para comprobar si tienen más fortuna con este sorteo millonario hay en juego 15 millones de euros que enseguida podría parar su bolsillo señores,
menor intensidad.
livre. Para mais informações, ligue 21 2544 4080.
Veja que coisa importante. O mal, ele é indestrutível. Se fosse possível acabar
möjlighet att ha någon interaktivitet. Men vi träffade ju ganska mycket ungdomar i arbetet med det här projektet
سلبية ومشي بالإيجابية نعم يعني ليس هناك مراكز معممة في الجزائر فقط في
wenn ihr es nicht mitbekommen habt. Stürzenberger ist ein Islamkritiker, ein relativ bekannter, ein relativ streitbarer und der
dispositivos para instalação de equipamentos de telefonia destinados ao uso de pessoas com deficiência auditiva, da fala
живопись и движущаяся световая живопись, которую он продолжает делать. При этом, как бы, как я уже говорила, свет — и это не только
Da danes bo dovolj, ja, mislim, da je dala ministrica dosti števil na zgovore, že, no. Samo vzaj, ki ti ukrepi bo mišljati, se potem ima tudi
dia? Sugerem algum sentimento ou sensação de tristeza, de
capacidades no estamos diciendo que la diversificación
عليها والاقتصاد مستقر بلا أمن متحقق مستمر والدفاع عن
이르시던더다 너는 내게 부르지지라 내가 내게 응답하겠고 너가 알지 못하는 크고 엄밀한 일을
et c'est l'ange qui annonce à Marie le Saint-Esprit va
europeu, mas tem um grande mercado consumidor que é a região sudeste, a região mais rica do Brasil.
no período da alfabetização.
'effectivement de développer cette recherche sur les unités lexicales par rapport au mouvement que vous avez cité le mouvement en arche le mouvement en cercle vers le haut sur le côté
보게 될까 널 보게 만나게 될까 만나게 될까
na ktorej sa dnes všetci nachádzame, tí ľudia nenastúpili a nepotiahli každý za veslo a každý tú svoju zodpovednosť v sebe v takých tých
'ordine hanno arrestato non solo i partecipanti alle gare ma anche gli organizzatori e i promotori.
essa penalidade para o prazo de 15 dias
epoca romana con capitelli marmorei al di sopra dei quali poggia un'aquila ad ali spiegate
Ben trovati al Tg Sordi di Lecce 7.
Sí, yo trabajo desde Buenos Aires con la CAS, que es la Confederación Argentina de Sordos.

● WORK TASK
Copy whichever lines in the listing above hold "mais".

● RESPONSE TO THE TASK
livre. Para mais informações, ligue 21 2544 4080.
europeu, mas tem um grande mercado consumidor que é a região sudeste, a região mais rica do Brasil.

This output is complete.